Bery Bery good Buster Friendly. I like Yoga. I feel like I could use some tonight. - GoNZo




Unfortunately, I wasn't in class last Thursday, but Realityor told me that there was an interesting discussion on hippies in the 60s. I have always been amazed at how volatile this period in history was and why there hasn't been anything like it in recent years. I also read Unfinished's post that said "hey may have pushed for an end to Vietnam, but most of them are still in this country, paying their taxes, working their jobs, and fueling the war machine of today." I think that our culture is very focused on personal issues, and as a whole, we are a very self-centered and focus so much on the individual.


(When dealing with the media, human interest stories are most popular and accessible to the public. History class is more often than not focused on one individual rather than the actions and reactions of an entire group or community - figures such as Abraham Lincoln, FDR, George Washington seem to be ingrained in us more than the impact of the common citizen.)


When there was protest surrounding Vietnam, there was also a draft. People can be against something and speak out against it, but when it comes down to it, they will only go to action once their lives or the lives of the people they love are threatened. The Iraq War is not taking place on our soil, and there is no draft. I think that if this war were closer to home, people would be doing more about it.


Buster Friendly, I like the observation you present here, and I think it can be applied to many concepts in contemporary America, not just the Iraq War. You're completely right: while some Americans our age (assuming you're in your late teens/early twenties) are involved in the Middle Eastern military efforts, they do so by choice, not because a government is forcing them to.



National Guard troops sign up to help with the historic mission of the National Guard -

homeland security, relief with national disasters, etc. What does this have to do with

Those who support the war choose to participate in it, but those who do not support it have the choice of looking the other way because of the war's lack of physical proximity to us. I think racism and diversity issues in our country are viewed the same way. The Jena Six controversy in Louisiana, for example, creates conversation and indignance amongst us, but rarely elicits tangible actions from those it does not directly affect. I have been following the Jena Six story and shaking my head at it in disbelief. But the fact is that not once have I been motivated to step up and participate in the effort to achieve justice for these teenagers. However, in my most recent Wiki post (October 15th) in which I explain my final project, I describe an encounter with intolerance that I had in my very own workplace. While the Jena Six trial is a national news story, and my own experience is a much smaller-scale aesthetic dilemma, my personal encounter motivated me to immediately start formulating a plan of action to correct what I think is a situation of severe injustice. I think people have a tendency to "pick their battles," but I think it's interesting to observe the role of personal proximity in choosing which of these battles are actually fought. - Zee Deveel. 

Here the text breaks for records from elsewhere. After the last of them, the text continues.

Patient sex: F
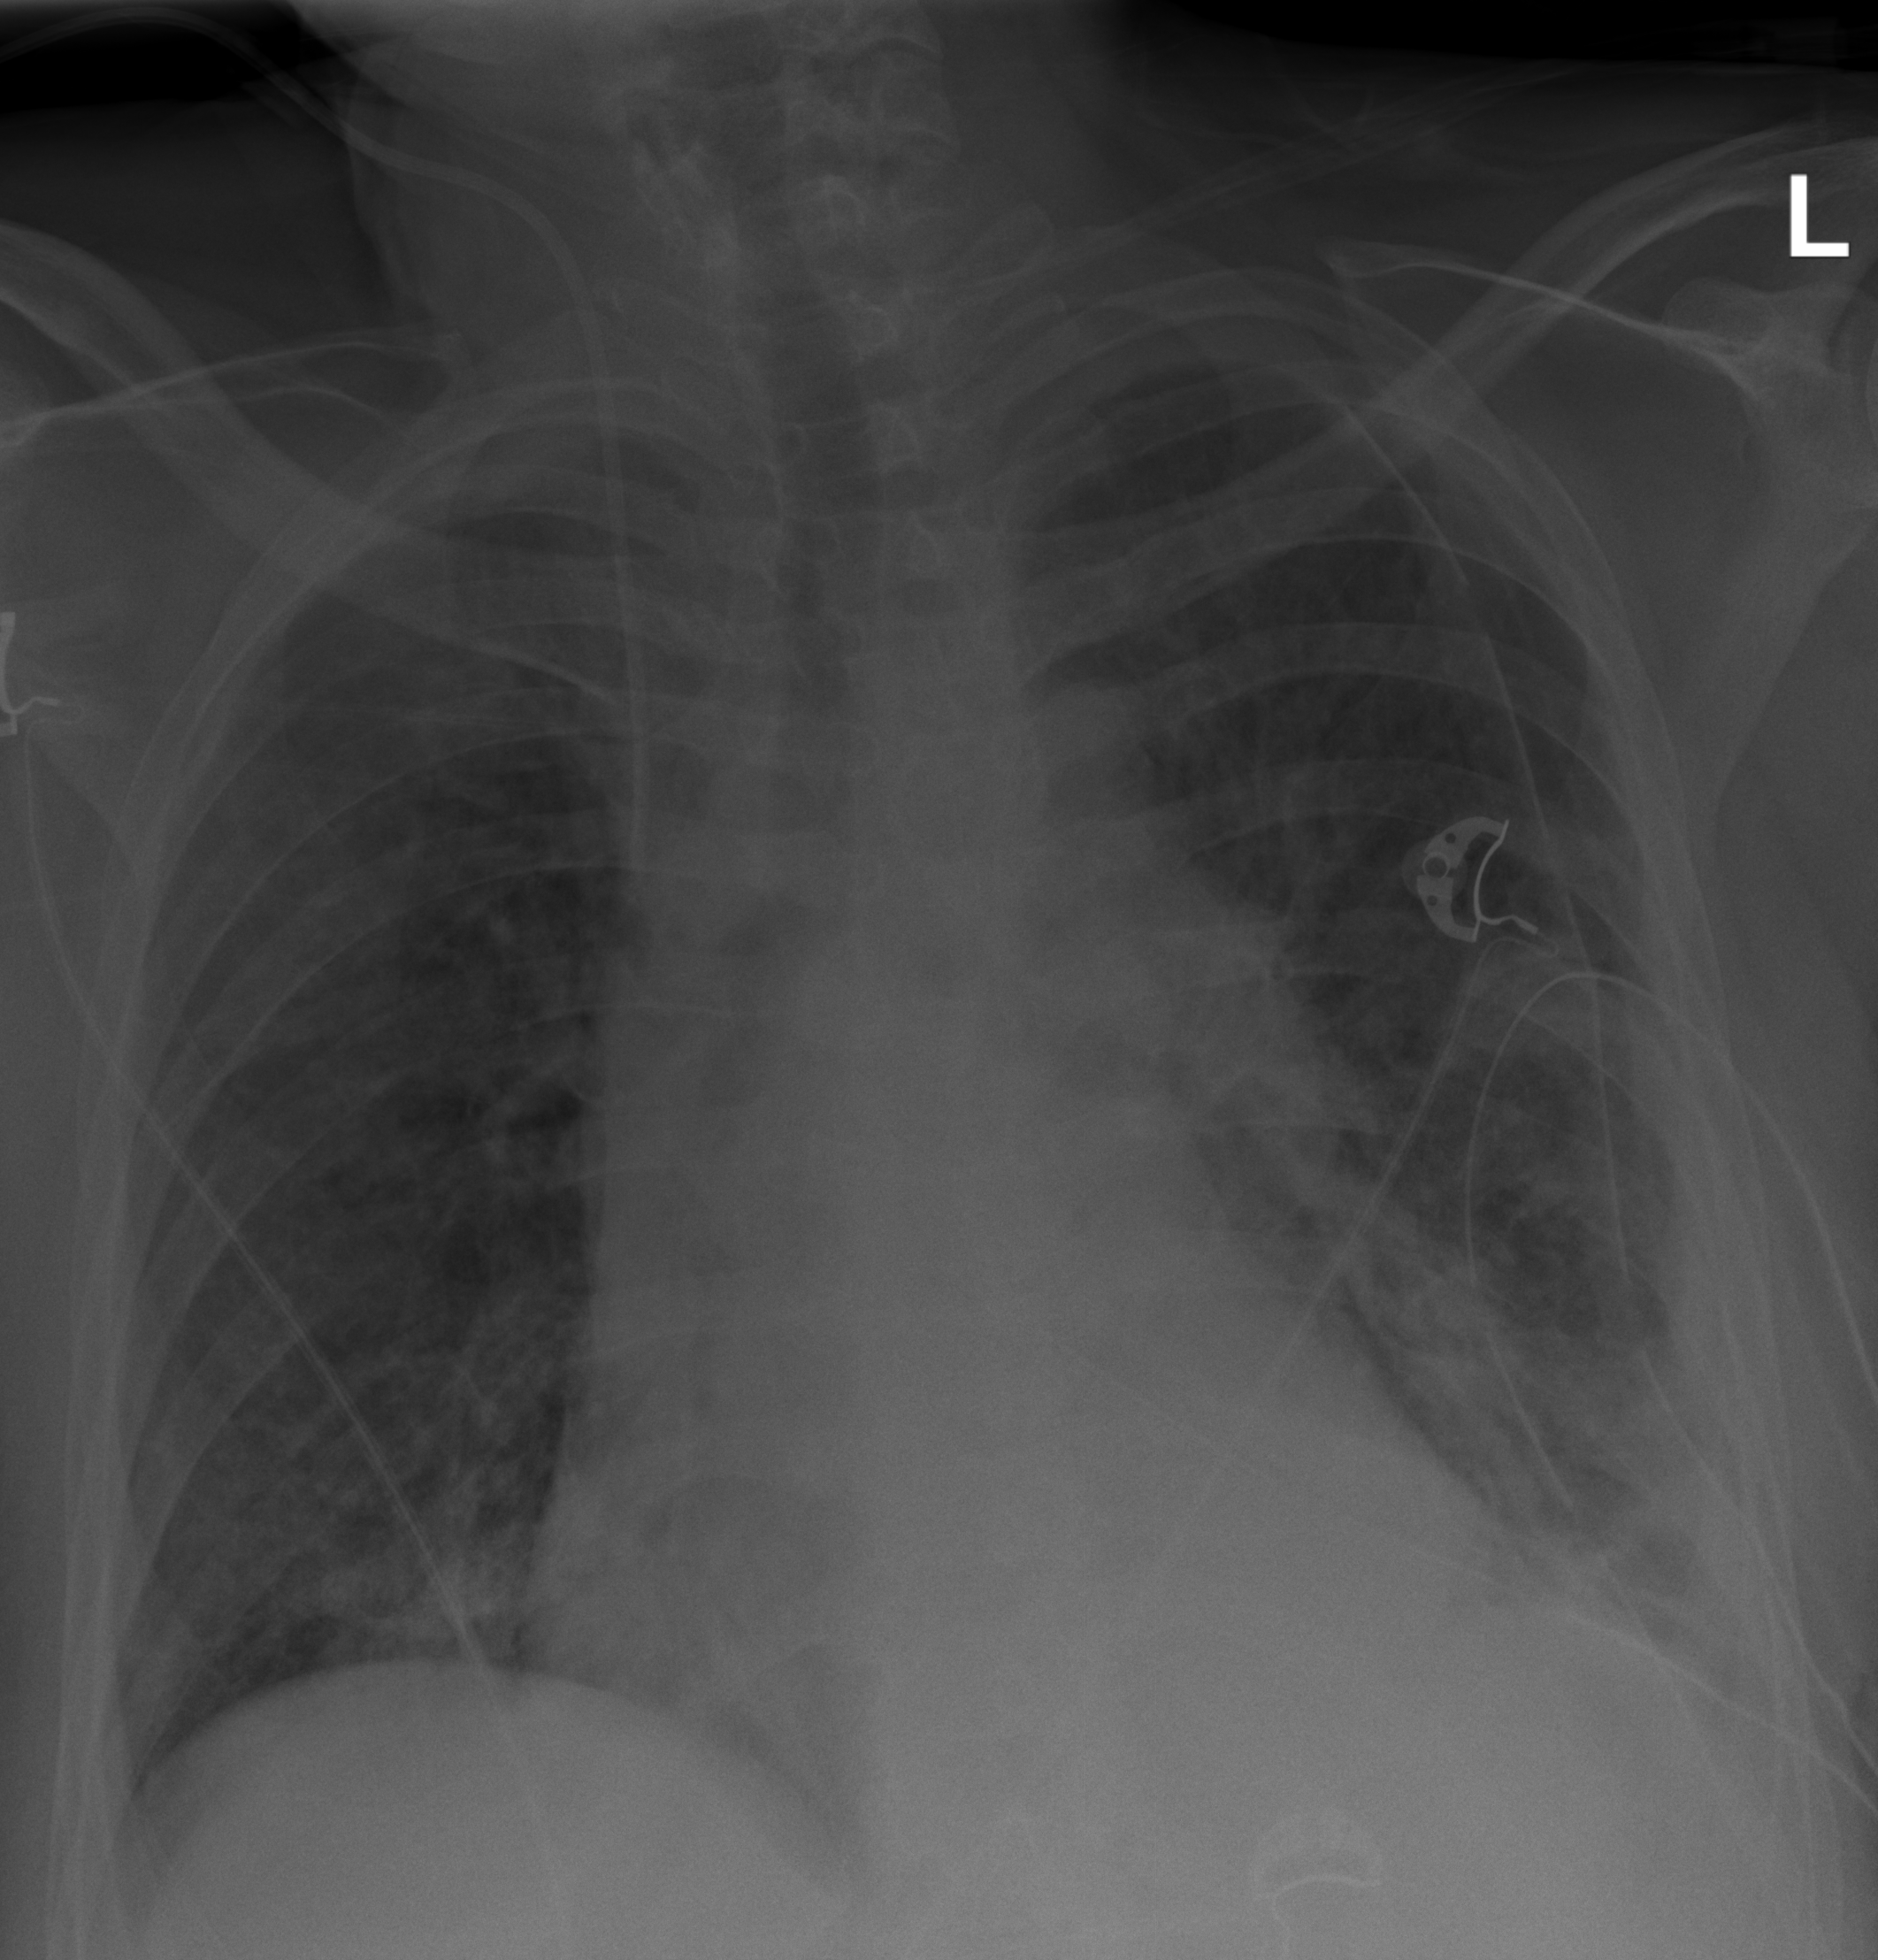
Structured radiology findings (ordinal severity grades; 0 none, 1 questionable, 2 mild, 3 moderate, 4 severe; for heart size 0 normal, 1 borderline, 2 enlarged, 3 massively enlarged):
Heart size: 1
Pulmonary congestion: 2
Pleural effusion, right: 0
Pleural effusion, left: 2
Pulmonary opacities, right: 1
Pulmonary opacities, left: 2
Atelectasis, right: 2
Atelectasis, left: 3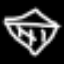
Label: diamond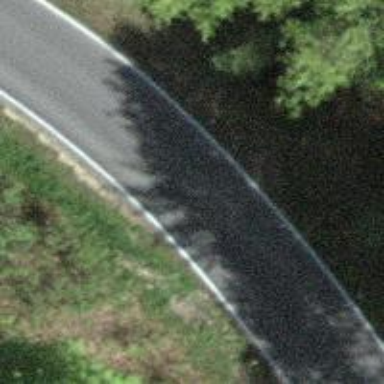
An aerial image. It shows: Tertiary road with asphalt surface.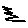
Label: zigzag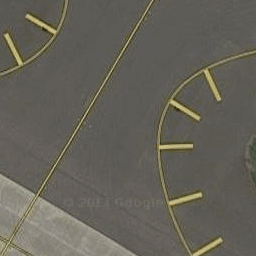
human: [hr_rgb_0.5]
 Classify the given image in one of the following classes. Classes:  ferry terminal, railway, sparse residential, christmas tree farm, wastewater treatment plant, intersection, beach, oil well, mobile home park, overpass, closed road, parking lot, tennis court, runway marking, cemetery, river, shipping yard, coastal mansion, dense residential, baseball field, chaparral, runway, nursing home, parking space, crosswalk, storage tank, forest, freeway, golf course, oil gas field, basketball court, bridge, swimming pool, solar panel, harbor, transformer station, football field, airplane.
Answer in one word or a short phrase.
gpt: runway marking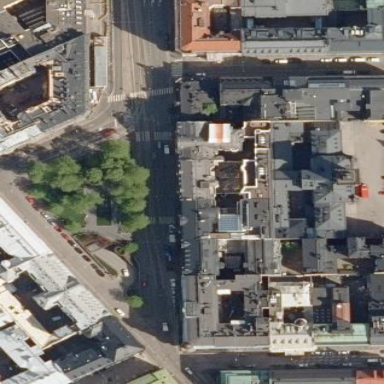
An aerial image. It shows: City block.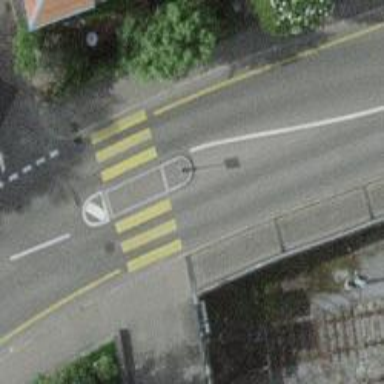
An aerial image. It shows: Uncontrolled crossing with central island on the road.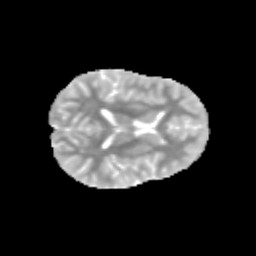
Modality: MD
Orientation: axial
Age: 10
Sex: female
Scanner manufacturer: siemens
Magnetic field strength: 3 T
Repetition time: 3.8 s
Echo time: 0.07 s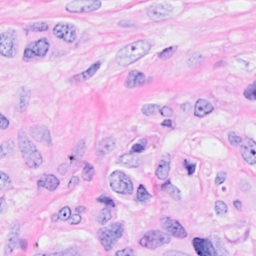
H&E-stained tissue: Breast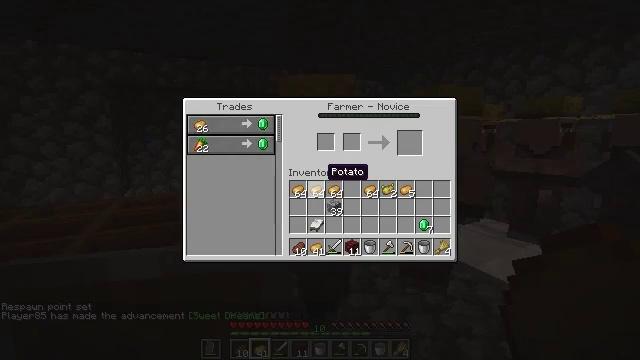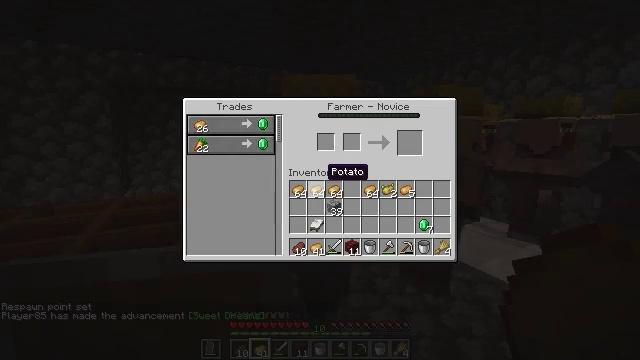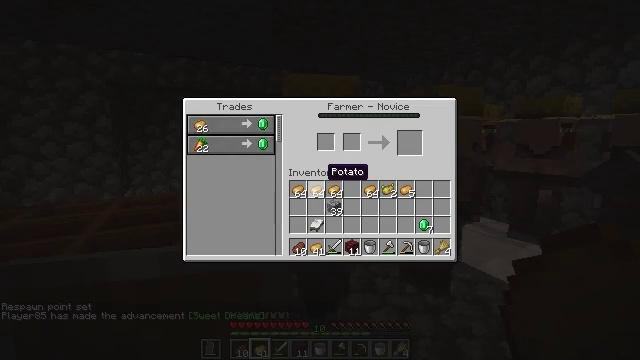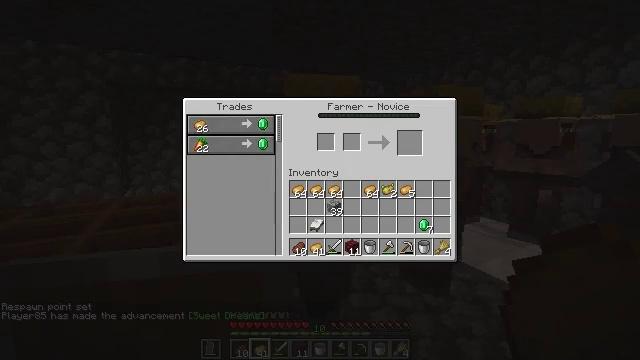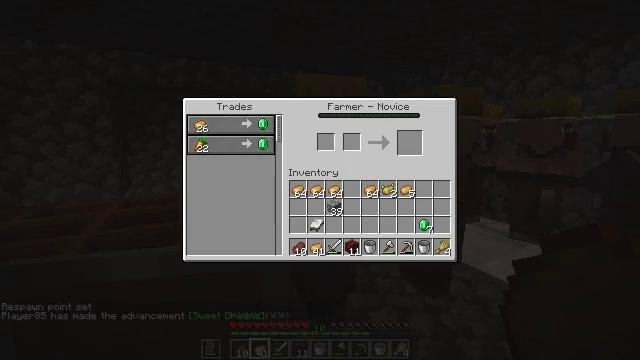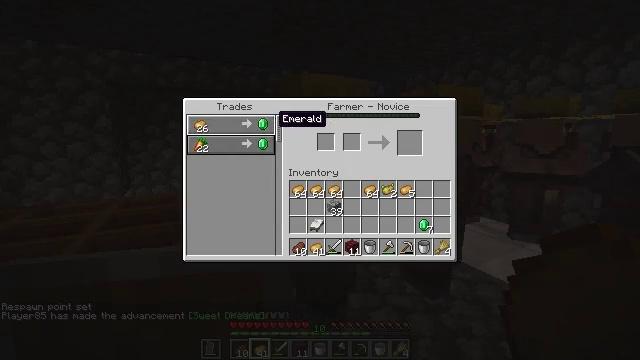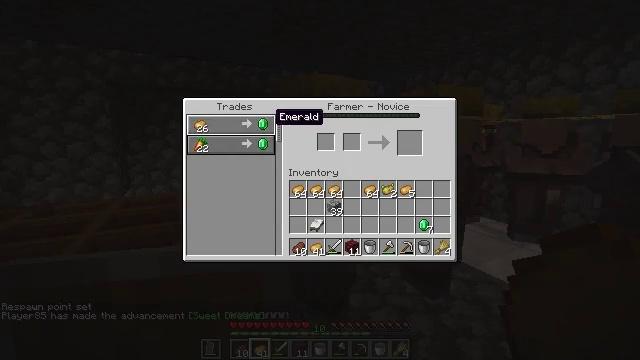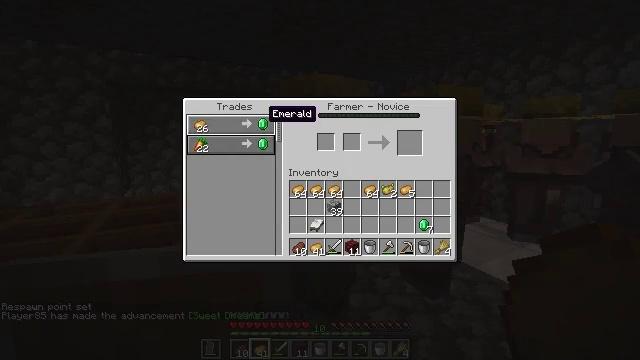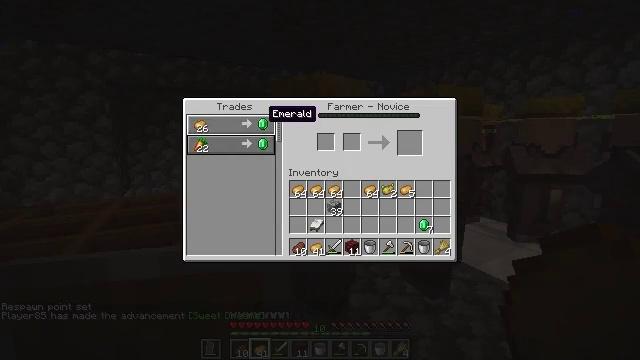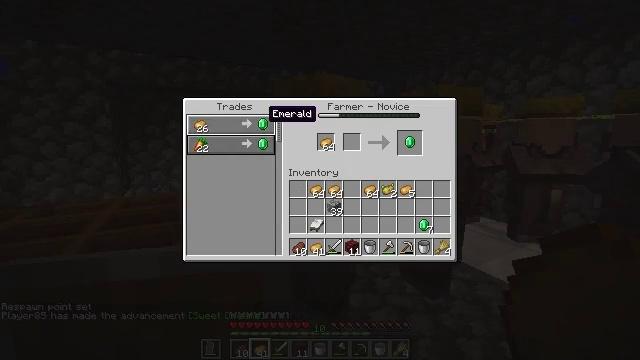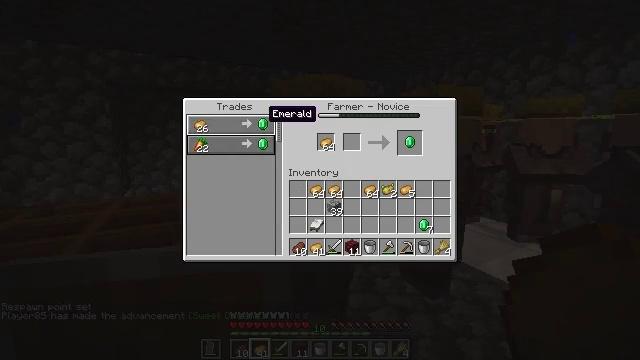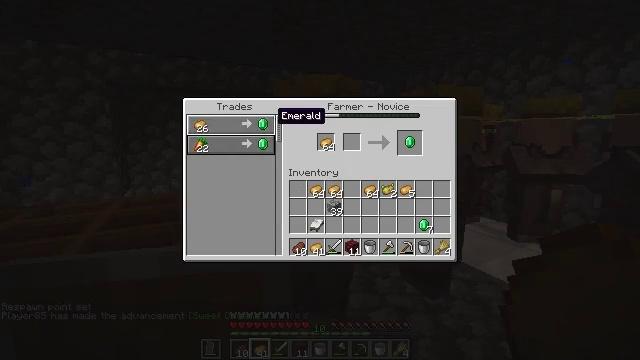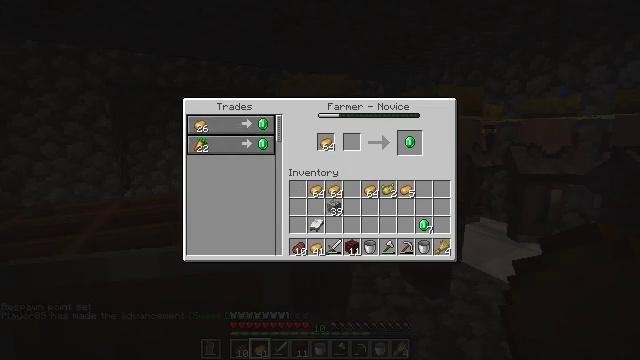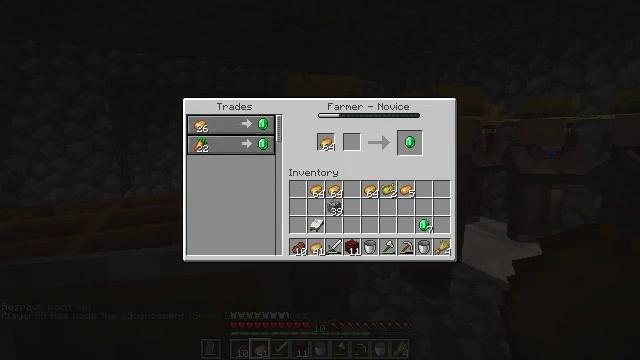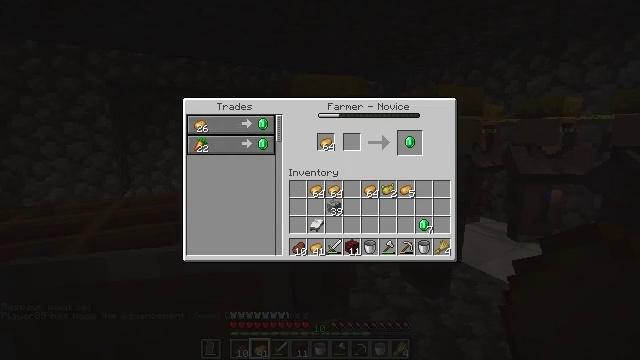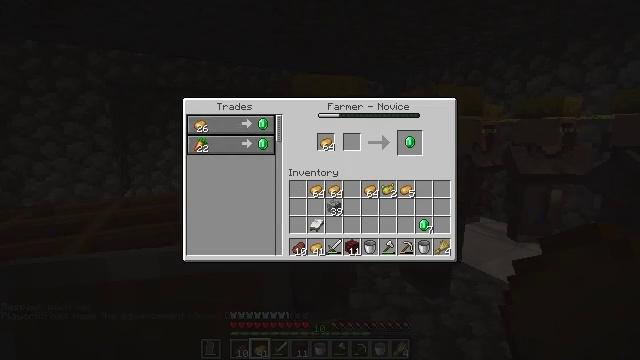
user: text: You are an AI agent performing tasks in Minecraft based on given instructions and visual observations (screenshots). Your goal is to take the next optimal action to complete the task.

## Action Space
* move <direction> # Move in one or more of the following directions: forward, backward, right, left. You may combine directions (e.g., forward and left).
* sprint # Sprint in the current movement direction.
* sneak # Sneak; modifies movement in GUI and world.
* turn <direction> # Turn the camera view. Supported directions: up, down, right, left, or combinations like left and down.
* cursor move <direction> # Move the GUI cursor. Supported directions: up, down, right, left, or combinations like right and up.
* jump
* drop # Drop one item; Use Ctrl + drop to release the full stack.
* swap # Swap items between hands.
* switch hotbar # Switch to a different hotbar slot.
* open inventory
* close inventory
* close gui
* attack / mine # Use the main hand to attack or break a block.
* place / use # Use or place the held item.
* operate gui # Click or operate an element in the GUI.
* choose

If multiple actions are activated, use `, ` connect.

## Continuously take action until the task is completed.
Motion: motion action
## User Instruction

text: Put necessary items in the crafting grid to craft an emerald.
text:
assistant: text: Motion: no_op
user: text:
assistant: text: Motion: no_op
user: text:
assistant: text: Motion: turn up
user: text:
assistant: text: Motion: sneak, turn left and up
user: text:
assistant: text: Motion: sneak, turn left and up
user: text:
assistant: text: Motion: sneak
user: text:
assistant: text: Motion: sneak, turn left
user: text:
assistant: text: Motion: sneak
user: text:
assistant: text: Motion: sneak, attack / mine
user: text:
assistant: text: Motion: sneak, attack / mine
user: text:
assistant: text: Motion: sneak, turn right
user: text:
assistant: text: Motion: sneak, turn right
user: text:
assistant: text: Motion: sneak, turn right and down
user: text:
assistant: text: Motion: sneak, turn right
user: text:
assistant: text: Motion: sneak, turn right
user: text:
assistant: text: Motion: sneak
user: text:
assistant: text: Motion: sneak, attack / mine
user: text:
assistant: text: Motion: sneak, attack / mine
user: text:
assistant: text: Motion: sneak
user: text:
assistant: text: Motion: sneak
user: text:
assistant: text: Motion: sneak, turn left and up
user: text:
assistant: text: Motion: sneak, turn left
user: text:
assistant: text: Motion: sneak

"10 And the disciples came, and said unto him, Why speakest thou unto them in parables? 11 He answered and said unto them, Because it is given unto you to know the mysteries of the kingdom of heaven, but to them it is not given. 12 For whosoever hath, to him shall be given, and he shall have more abundance: but whosoever hath not, from him shall be taken away even that he hath. 13 Therefore speak I to them in parables: because they seeing see not; and hearing they hear not, neither do they understand."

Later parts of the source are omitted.